Variance Assumption: Broken – Now What?

What do we do if we have actually broken the variance assumption?
If the normality assumption holds, we can use Satterthwaite’s approximation for degrees of freedom.
- Everything about the two-sample t-test is the same, other than the calculation of the degrees of freedom.

\text{df}=\frac{ \left( \frac{s^2_1}{n_1} + \frac{s_2^2}{n_2} \right)^2 }{ \frac{(s_1^2/n_1)^2}{n_1-1} + \frac{(s_2^2/n_2)^2}{n_2-1} }

Remember the original df of \min(n_1-1, n_2-1)…

Confidence Interval: Two Independent Means with Unequal Variances

We will still use the independent_mean_CI function from library(ssstats) to find the confidence interval…
Generic syntax:

dataset_name %>% independent_mean_CI(grouping = grouping_variable,
                                     continuous = continuous_variable, 
                                     confidence = confidence_level,
                                     variance = "unequal")

Note the variance argument at the end.

Hypothesis Testing: Two Independent Means with Unequal Variances

We will use the independent_mean_HT function from library(ssstats) to perform the necessary calculations for the hypothesis test.
Generic syntax:

dataset_name %>% independent_mean_HT(grouping = grouping_variable,
                                     continuous = continuous_variable, 
                                     mu = hypothesized_value, 
                                     alternative = "alternative_direction", 
                                     alpha = specified_alpha,
                                     variance = "unequal")

Note the variance argument at the end.

Comparisons: Two Independent Means

Let’s look at the 90% CI for our example under both ways of calculating degrees of freedom:
Assuming equal variance:

wing_flap %>% independent_mean_CI(continuous = apples,
                                  grouping = target,
                                  confidence = 0.90,
                                  var = "equal")

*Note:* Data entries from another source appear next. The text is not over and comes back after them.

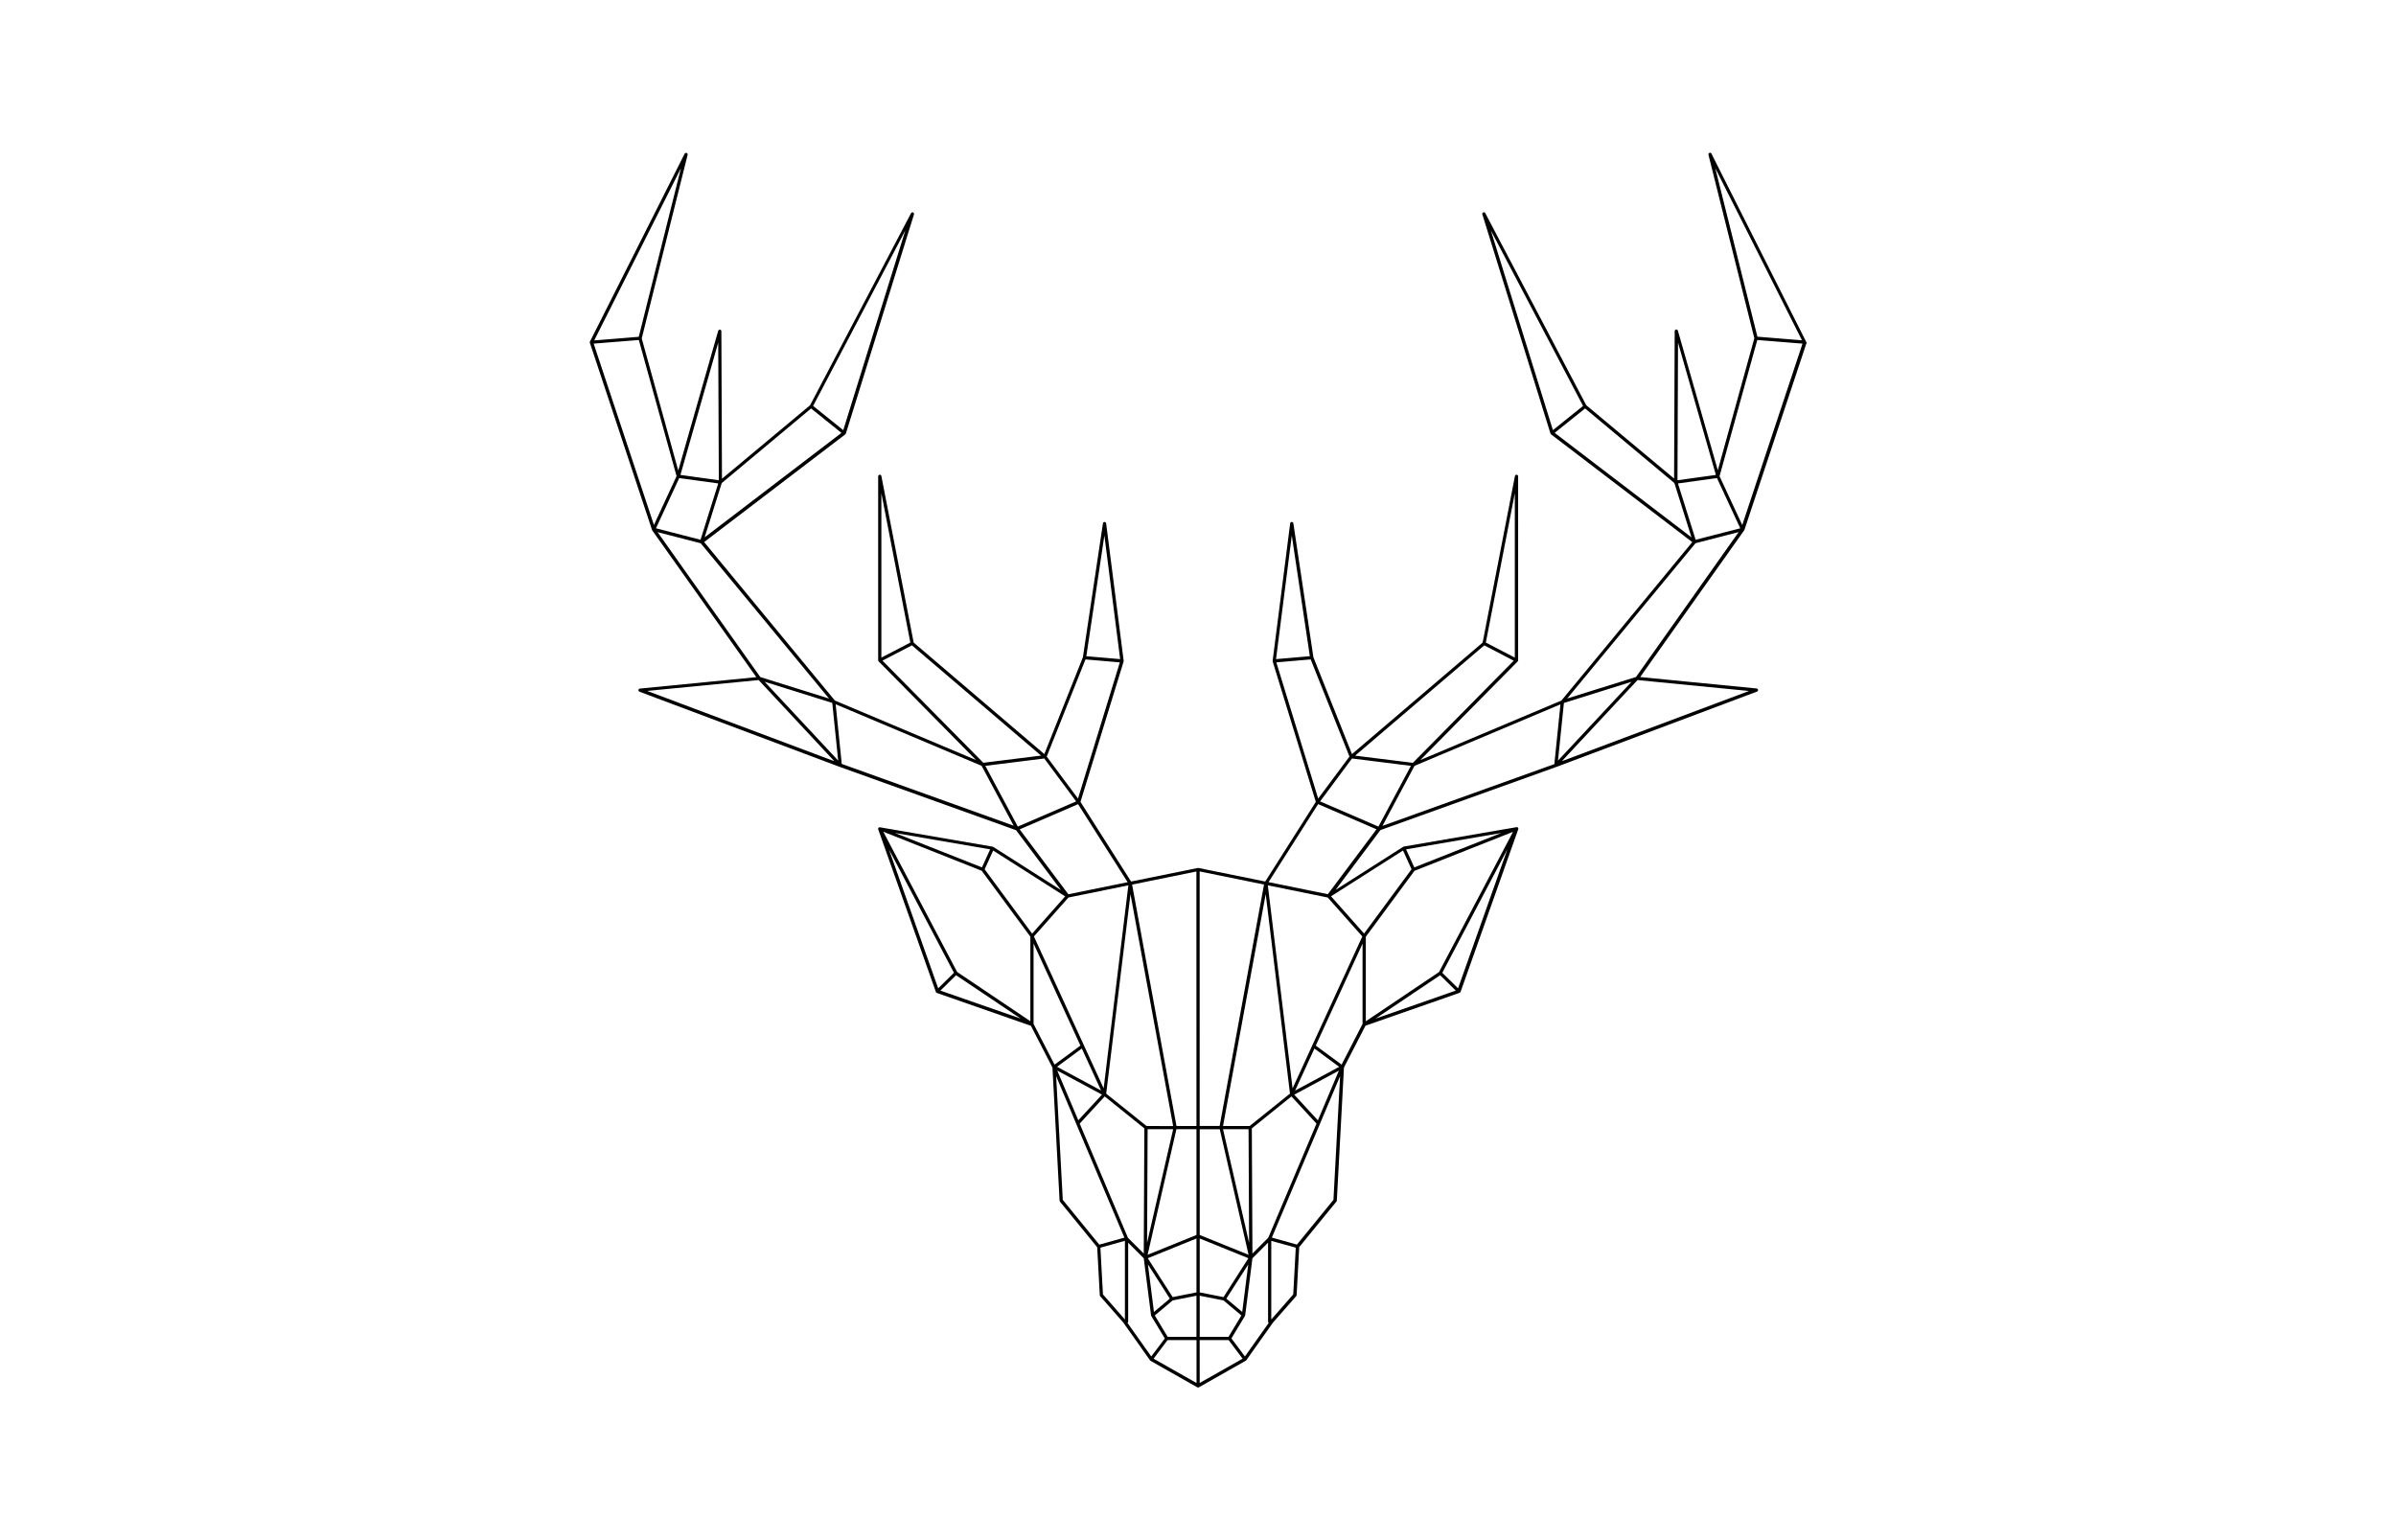 <?xml version="1.0" encoding="utf-8"?>
<!-- Generator: Adobe Illustrator 23.0.3, SVG Export Plug-In . SVG Version: 6.00 Build 0)  -->
<svg version="1.1" id="Layer_1" xmlns="http://www.w3.org/2000/svg" xmlns:xlink="http://www.w3.org/1999/xlink" x="0px" y="0px"
	 viewBox="0 0 396.85 255.12" style="enable-background:new 0 0 396.85 255.12;" xml:space="preserve">
<path d="M299.17,56.69c0-0.02-0.01-0.03-0.01-0.05c-0.01-0.02-0.01-0.03-0.02-0.05c0-0.01,0-0.01-0.01-0.02l-15.66-31.12
	c-0.06-0.13-0.2-0.18-0.33-0.13s-0.2,0.19-0.17,0.31l7.6,30.4l-6.05,21.87l-6.61-23.12c-0.03-0.13-0.15-0.21-0.3-0.2
	c-0.14,0.02-0.23,0.13-0.23,0.26l-0.1,24.43l-14.55-12.15l-16.72-31.81c-0.07-0.13-0.21-0.18-0.34-0.13
	c-0.13,0.05-0.2,0.2-0.15,0.33L256.8,71.8c0,0.01,0.01,0.01,0.01,0.01c0.01,0.03,0.03,0.05,0.04,0.08c0.01,0.01,0.03,0.02,0.03,0.03
	s0.01,0.02,0.02,0.03l23.39,17.85l-21.67,26.24l-23.37,9.86l16.11-16.32c0.02-0.02,0.03-0.03,0.03-0.05
	c0.01-0.01,0.01-0.01,0.02-0.02c0-0.01,0-0.01,0.01-0.01c0.01-0.02,0.01-0.03,0.02-0.05c0.01-0.02,0.01-0.03,0.01-0.05
	c0-0.01,0-0.01,0-0.01V78.91c0-0.14-0.11-0.26-0.24-0.27c-0.14-0.02-0.26,0.08-0.29,0.21l-5.35,27.59l-21.64,18.47l-6.39-16.04
	l-3.32-22.18c-0.03-0.14-0.13-0.22-0.27-0.23c-0.14,0-0.25,0.1-0.26,0.24l-2.9,22.74c0,0.01,0,0.02,0,0.03
	c0,0.01-0.01,0.03-0.01,0.03s0.01,0.03,0.01,0.03s0,0.02,0,0.03l7.15,23.27l-8.38,13.19l-11.05-2.24c-0.02-0.01-0.03-0.01-0.05-0.01
	l0,0c-0.01,0-0.01,0-0.01,0c-0.01,0-0.01,0-0.01,0l0,0c-0.02,0-0.03,0.01-0.05,0.01l-11.05,2.24l-8.38-13.19l7.15-23.27
	c0-0.01,0-0.02,0-0.03s0.01-0.03,0.01-0.03s-0.01-0.03-0.01-0.03c0-0.01,0.01-0.02,0-0.03l-2.9-22.74
	c-0.02-0.14-0.13-0.23-0.26-0.24c-0.15,0.01-0.25,0.09-0.27,0.23l-3.32,22.18l-6.39,16.04l-21.64-18.47l-5.35-27.59
	c-0.03-0.14-0.15-0.23-0.29-0.21c-0.14,0.01-0.24,0.13-0.24,0.27v30.47c0,0.01,0,0.01,0,0.01c0,0.02,0.01,0.03,0.01,0.05
	c0.01,0.02,0.01,0.03,0.02,0.05c0,0.01,0,0.01,0.01,0.01c0.01,0.01,0.01,0.01,0.02,0.02c0.01,0.02,0.02,0.03,0.03,0.05l16.11,16.32
	l-23.37-9.85l-21.65-26.25l23.39-17.85c0.01-0.01,0.01-0.02,0.01-0.03c0.01-0.01,0.03-0.02,0.03-0.03c0.03-0.03,0.03-0.05,0.04-0.08
	c0-0.01,0.01-0.01,0.01-0.01l11.27-36.27c0.04-0.14-0.03-0.27-0.15-0.33c-0.13-0.05-0.27,0-0.34,0.13l-16.72,31.81L119.58,79.3
	l-0.1-24.43c0-0.14-0.1-0.25-0.23-0.26c-0.13-0.03-0.26,0.07-0.3,0.2l-6.61,23.13l-6.05-21.88l7.6-30.41
	c0.03-0.14-0.03-0.27-0.17-0.31c-0.13-0.05-0.27,0.01-0.33,0.13L97.72,56.57c-0.01,0.01,0,0.01-0.01,0.02
	c-0.01,0.02-0.01,0.03-0.02,0.05c-0.01,0.02-0.01,0.03-0.01,0.05c0,0.01-0.01,0.01,0,0.03c0,0.01,0.01,0.03,0.01,0.03
	s0,0.03,0.01,0.03L108,87.79c0,0.01,0.01,0.01,0.01,0.03c0,0.01,0,0.01,0,0.01c0,0.01,0.01,0.01,0.01,0.01
	c0.01,0.01,0.01,0.03,0.02,0.03l17.23,24.3l-19.28,1.89c-0.13,0.01-0.23,0.11-0.24,0.23c-0.02,0.13,0.05,0.24,0.17,0.29l33.16,12.45
	l29.21,10.49l7.43,9.91l-11.2-7.14c-0.01-0.01-0.01-0.01-0.02-0.01c-0.01-0.01-0.01-0.01-0.02-0.01c-0.01-0.01-0.03-0.01-0.03-0.01
	c-0.01-0.01-0.03-0.01-0.03-0.01l-18.67-3.21c-0.02,0-0.03-0.01-0.05-0.01c-0.01,0-0.02,0-0.02,0l0,0l0,0l0,0
	c-0.02,0-0.03,0.01-0.05,0.01l0,0l0,0l0,0l0,0l0,0l0,0l0,0c-0.03,0.01-0.07,0.03-0.09,0.05l0,0l0,0l0,0l0,0l0,0
	c-0.01,0.01-0.02,0.02-0.03,0.03c0,0,0,0.01-0.01,0.01l0,0l0,0l0,0l0,0l0,0c-0.03,0.03-0.04,0.07-0.05,0.1l0,0l0,0l0,0l0,0l0,0l0,0
	l0,0l0,0c-0.01,0.03-0.01,0.05-0.01,0.08l0,0l0,0l0,0l0,0l0,0c0,0.03,0.01,0.05,0.02,0.07l9.55,26.93c0,0,0,0,0,0.01
	c0.01,0.03,0.03,0.07,0.06,0.09l0,0c0.01,0.01,0.01,0.01,0.01,0.01c0.03,0.03,0.05,0.04,0.09,0.05c0,0,0.01,0,0.01,0.01l15.57,5.44
	l3.57,6.93l1.18,22.05c0.01,0.06,0.03,0.11,0.06,0.15l6.17,7.55l0.43,7.96c0.01,0.06,0.03,0.12,0.07,0.16l3.84,4.38l4.4,6.22
	c0.01,0.01,0.02,0.02,0.03,0.03s0.03,0.03,0.03,0.03c0.01,0.01,0.01,0,0.01,0.01c0.01,0.01,0.01,0.01,0.02,0.02l7.76,4.4
	c0.04,0.03,0.09,0.03,0.14,0.03c0.03,0,0.03,0,0.06-0.01c0.01-0.01,0.03-0.01,0.03-0.01c0.02-0.01,0.03-0.01,0.04-0.03l7.76-4.4
	c0.01-0.01,0.01-0.01,0.02-0.02c0.01,0,0.01,0,0.01-0.01c0.02-0.01,0.03-0.03,0.03-0.03c0.01-0.01,0.03-0.02,0.03-0.03l4.39-6.2
	l3.86-4.4c0.03-0.04,0.07-0.1,0.07-0.16l0.43-7.96l6.17-7.55c0.03-0.04,0.06-0.09,0.06-0.15l1.18-22.05l3.57-6.93l15.57-5.44
	c0,0,0.01,0,0.01-0.01c0.03-0.01,0.06-0.03,0.09-0.05c0.01-0.01,0.01-0.01,0.01-0.01l0,0c0.03-0.03,0.05-0.06,0.06-0.09
	c0,0,0-0.01,0.01-0.01l9.55-26.93c0.01-0.03,0.02-0.05,0.02-0.07l0,0l0,0l0,0l0,0l0,0l0,0c0-0.03,0-0.05-0.01-0.08l0,0l0,0l0,0l0,0
	l0,0l0,0c-0.01-0.03-0.03-0.08-0.05-0.1l0,0l0,0l0,0l0,0l0,0c0,0,0-0.01-0.01-0.01c-0.01-0.01-0.02-0.02-0.03-0.03l0,0l0,0l0,0l0,0
	c-0.03-0.03-0.07-0.04-0.09-0.05l0,0l0,0l0,0l0,0l0,0c-0.02-0.01-0.03-0.01-0.05-0.01l0,0l0,0l0,0c-0.03,0-0.04,0-0.07,0.01
	l-18.67,3.21c-0.01,0-0.03,0.01-0.03,0.01c-0.01,0.01-0.03,0-0.03,0.01c-0.01,0-0.01,0.01-0.02,0.01c-0.01,0.01-0.01,0.01-0.02,0.01
	l-11.2,7.14l7.43-9.91l29.22-10.49l33.15-12.45c0.12-0.04,0.19-0.16,0.17-0.29c-0.02-0.13-0.12-0.22-0.24-0.23l-19.28-1.89
	l17.23-24.3c0.01-0.01,0.01-0.03,0.02-0.03c0-0.01,0.01-0.01,0.01-0.01c0-0.01,0-0.01,0-0.01c0.01-0.01,0.01-0.01,0.01-0.02
	l10.3-31.01c0.01-0.01,0-0.03,0.01-0.03c0-0.01,0.01-0.03,0.01-0.03C299.18,56.71,299.17,56.7,299.17,56.69z M284.1,27.85
	l14.36,28.52l-7.38-0.6L284.1,27.85z M291.06,56.32l7.49,0.6l-9.98,30.05l-3.76-8.09L291.06,56.32z M262.54,67.66l14.79,12.36
	l2.83,8.99L257.5,71.7L262.54,67.66z M280.85,89.41l-2.93-9.33l6.46-0.89l3.86,8.32L280.85,89.41z M277.93,56.75l6.27,21.92
	l-6.36,0.88L277.93,56.75z M262.2,67.24l-4.99,4.01l-10.28-33.08L262.2,67.24z M280.83,89.98l7.14-1.84l-17,24l-11.39,3.56
	L280.83,89.98z M223.93,125.64l9.76,1.22l-5.38,10.06l-9.66-4.17L223.93,125.64z M245.84,106.9l4.88,2.54l-16.71,16.92l-9.56-1.19
	L245.84,106.9z M234.29,126.86l24.17-10.19l-1.01,9.9l-28.47,10.23L234.29,126.86z M259.03,116.44l11.2-3.5l-12.18,13.05
	L259.03,116.44z M250.9,108.93l-4.8-2.49l4.8-24.73V108.93z M213.96,88.69l2.99,20.01l-5.6,0.48L213.96,88.69z M211.4,109.72
	l5.69-0.49l6.42,16.09l-5.18,6.96L211.4,109.72z M219.91,148.67l5.73,6.45l-11.55,25.16l-4.1-33.63L219.91,148.67z M206.2,224.69
	l-2.24-2.99l2.24-3.71v-0.01c0.01-0.01,0.01-0.03,0.02-0.04c0.01-0.02,0.01-0.03,0.02-0.05v-0.01l1.2-9.45l2.59-2.59v13.08
	c0,0.09,0.04,0.16,0.11,0.21L206.2,224.69z M203.48,221.44h-4.77v-6.81l3.94,0.78l2.96,2.49L203.48,221.44z M193.4,221.44
	l-2.13-3.54l2.96-2.49l3.94-0.78v6.81H193.4L193.4,221.44z M190.68,224.69l-3.93-5.55c0.07-0.05,0.11-0.13,0.11-0.21v-13.08
	l2.58,2.58l1.21,9.46v0.01c0,0.02,0.01,0.03,0.02,0.05c0.01,0.02,0.01,0.03,0.02,0.04V218l2.24,3.71L190.68,224.69z M176.97,148.67
	l9.92-2.02l-4.09,33.63l-11.55-25.16L176.97,148.67z M198.17,187.05v17.52l-8.09,3.28l4.77-20.8L198.17,187.05L198.17,187.05z
	 M202.03,187.05l4.77,20.8l-8.09-3.28v-17.51H202.03L202.03,187.05z M205.75,217.32l-2.63-2.21l3.63-5.66L205.75,217.32z
	 M202.65,214.86l-3.94-0.78v-8.93l8.06,3.27L202.65,214.86z M194.23,214.86l-4.12-6.44l8.06-3.27v8.93L194.23,214.86z
	 M191.13,217.32l-1-7.88l3.63,5.67L191.13,217.32z M206.98,186.52h-4.41l7.07-38.42l4.02,33.05L206.98,186.52z M206.8,187.05
	l0.09,18.82l-4.32-18.82L206.8,187.05L206.8,187.05z M189.99,205.87l0.09-18.82h4.23L189.99,205.87z M189.9,186.52l-6.68-5.36
	l4.02-33.05l7.07,38.42L189.9,186.52L189.9,186.52z M182.37,180.64l-7.29-3.93l4.1-3.03L182.37,180.64z M182.52,181.32l-3.92,4.25
	l-3.48-8.23L182.52,181.32z M182.97,181.62l6.57,5.29l-0.1,20.74l-2.62-2.62l-7.99-18.91L182.97,181.62z M210.06,205.03l-2.62,2.62
	l-0.1-20.74l6.56-5.29l4.15,4.5L210.06,205.03z M218.28,185.58l-3.91-4.25l7.39-3.98L218.28,185.58z M214.51,180.65l3.2-6.96
	l4.1,3.03L214.51,180.65z M209.36,146.52l-7.35,39.99h-3.31v-42.16L209.36,146.52z M198.17,186.52h-3.31l-7.35-39.99l10.65-2.17
	L198.17,186.52L198.17,186.52z M178.55,132.28l-5.18-6.96l6.42-16.09l5.69,0.49L178.55,132.28z M137.85,116.44l0.98,9.55
	l-12.18-13.06L137.85,116.44z M138.41,116.66l24.17,10.19l5.31,9.92l-28.47-10.23L138.41,116.66z M151.04,106.9l21.39,18.26
	l-9.56,1.19l-16.71-16.92L151.04,106.9z M168.58,136.92l-5.38-10.06l9.76-1.22l5.28,7.11L168.58,136.92z M182.92,88.69l2.61,20.49
	l-5.6-0.48L182.92,88.69z M150.78,106.44l-4.8,2.49V81.69L150.78,106.44z M137.31,115.71l-11.38-3.56l-17.01-24l7.14,1.84
	L137.31,115.71z M112.5,79.19l6.46,0.89l-2.93,9.33l-7.38-1.9L112.5,79.19z M134.34,67.66l5.03,4.05l-22.66,17.3l2.83-8.99
	L134.34,67.66z M139.67,71.25l-4.99-4.01l15.27-29.07L139.67,71.25z M119.06,79.55l-6.36-0.88l6.26-21.92L119.06,79.55z
	 M112.06,78.87l-3.75,8.09l-9.98-30.04l7.48-0.6L112.06,78.87z M105.8,55.79l-7.38,0.6l14.36-28.52L105.8,55.79z M125.65,112.65
	l12.54,13.44l-31-11.64L125.65,112.65z M168.89,137.38l9.67-4.17l8.21,12.92l-9.82,2L168.89,137.38z M176.42,148.48l-5.47,6.17
	L163.09,144l1.41-3.11L176.42,148.48z M164,140.69l-1.36,2.99l-14.41-5.7L164,140.69z M162.6,144.24l8.06,10.92v14L158.53,161
	l-12.23-23.23L162.6,144.24z M158,161.14l-2.61,2.57l-8.16-23.02L158,161.14z M155.76,164.09l2.59-2.55l10.7,7.18L155.76,164.09z
	 M171.2,156.31l7.75,16.89l-4.28,3.15l-3.48-6.74V156.31z M174.93,178.27l3.34,7.92l0,0l7.96,18.82l-4.15,1.16l-6.05-7.41
	L174.93,178.27z M182.68,214.41l-0.42-7.74l4.06-1.13v13.03L182.68,214.41z M191.07,225.06l2.31-3.08h4.8v7.11L191.07,225.06z
	 M198.7,221.98h4.8l2.31,3.08l-7.1,4.02L198.7,221.98L198.7,221.98z M210.56,218.57v-13.03l4.06,1.13l-0.42,7.74L210.56,218.57z
	 M220.86,198.75l-6.05,7.41l-4.15-1.16l11.3-26.74L220.86,198.75z M222.21,176.35l-4.28-3.15l7.75-16.89v13.3L222.21,176.35z
	 M238.53,161.54l2.59,2.55l-13.29,4.64L238.53,161.54z M241.5,163.71l-2.61-2.57l10.78-20.46L241.5,163.71z M238.35,161.01
	l-12.13,8.16v-14l8.06-10.92l16.32-6.46L238.35,161.01z M234.25,143.68l-1.36-2.99l15.77-2.71L234.25,143.68z M232.38,140.88
	l1.41,3.11l-7.86,10.65l-5.47-6.17L232.38,140.88z M219.93,148.12l-9.82-2l8.21-12.92l9.67,4.17L219.93,148.12z M258.69,126.09
	l12.54-13.44l18.46,1.81L258.69,126.09z"/>
</svg>

Assuming unequal variance:

wing_flap %>% independent_mean_CI(continuous = apples,
                                  grouping = target,
                                  confidence = 0.90,
                                  var = "unequal")

Comparisons: Two Independent Means

Let’s look at the 90% CI for our example under both ways of calculating degrees of freedom:
Assuming equal variance:

The point estimate for the difference in means is x̄₁ − x̄₂ = 10.0556
The 90% confidence interval for μ₁ − μ₂ is (8.4642, 11.647)

Assuming unequal variance:

The point estimate for the difference in means is x̄₁ − x̄₂ = 10.0556
The 90% confidence interval for μ₁ − μ₂ is (8.3697, 11.7415)

Comparisons: Two Independent Means

Let’s look at the hypothesis test results for our example under both ways of calculating degrees of freedom (\alpha = 0.10):
Assuming equal variance,

wing_flap %>% independent_mean_HT(continuous = apples,
                                  grouping = target,
                                  confidence = 0.90,
                                  variance = "equal")

Assuming unequal variance,

wing_flap %>% independent_mean_HT(continuous = apples,
                                  grouping = target,
                                  confidence = 0.90,
                                  variance = "unequal")

Comparisons: Two Independent Means

Assuming equal variance,

Two-sample t-test for two independent means and equal variance:
Null: H₀: μ₁ − μ₂ = 0
Alternative: H₁: μ₁ − μ₂ ≠ 0
Test statistic: t(23) = 10.829
p-value: p < 0.001
Conclusion: Reject the null hypothesis (p = < 0.001 < α = 0.1)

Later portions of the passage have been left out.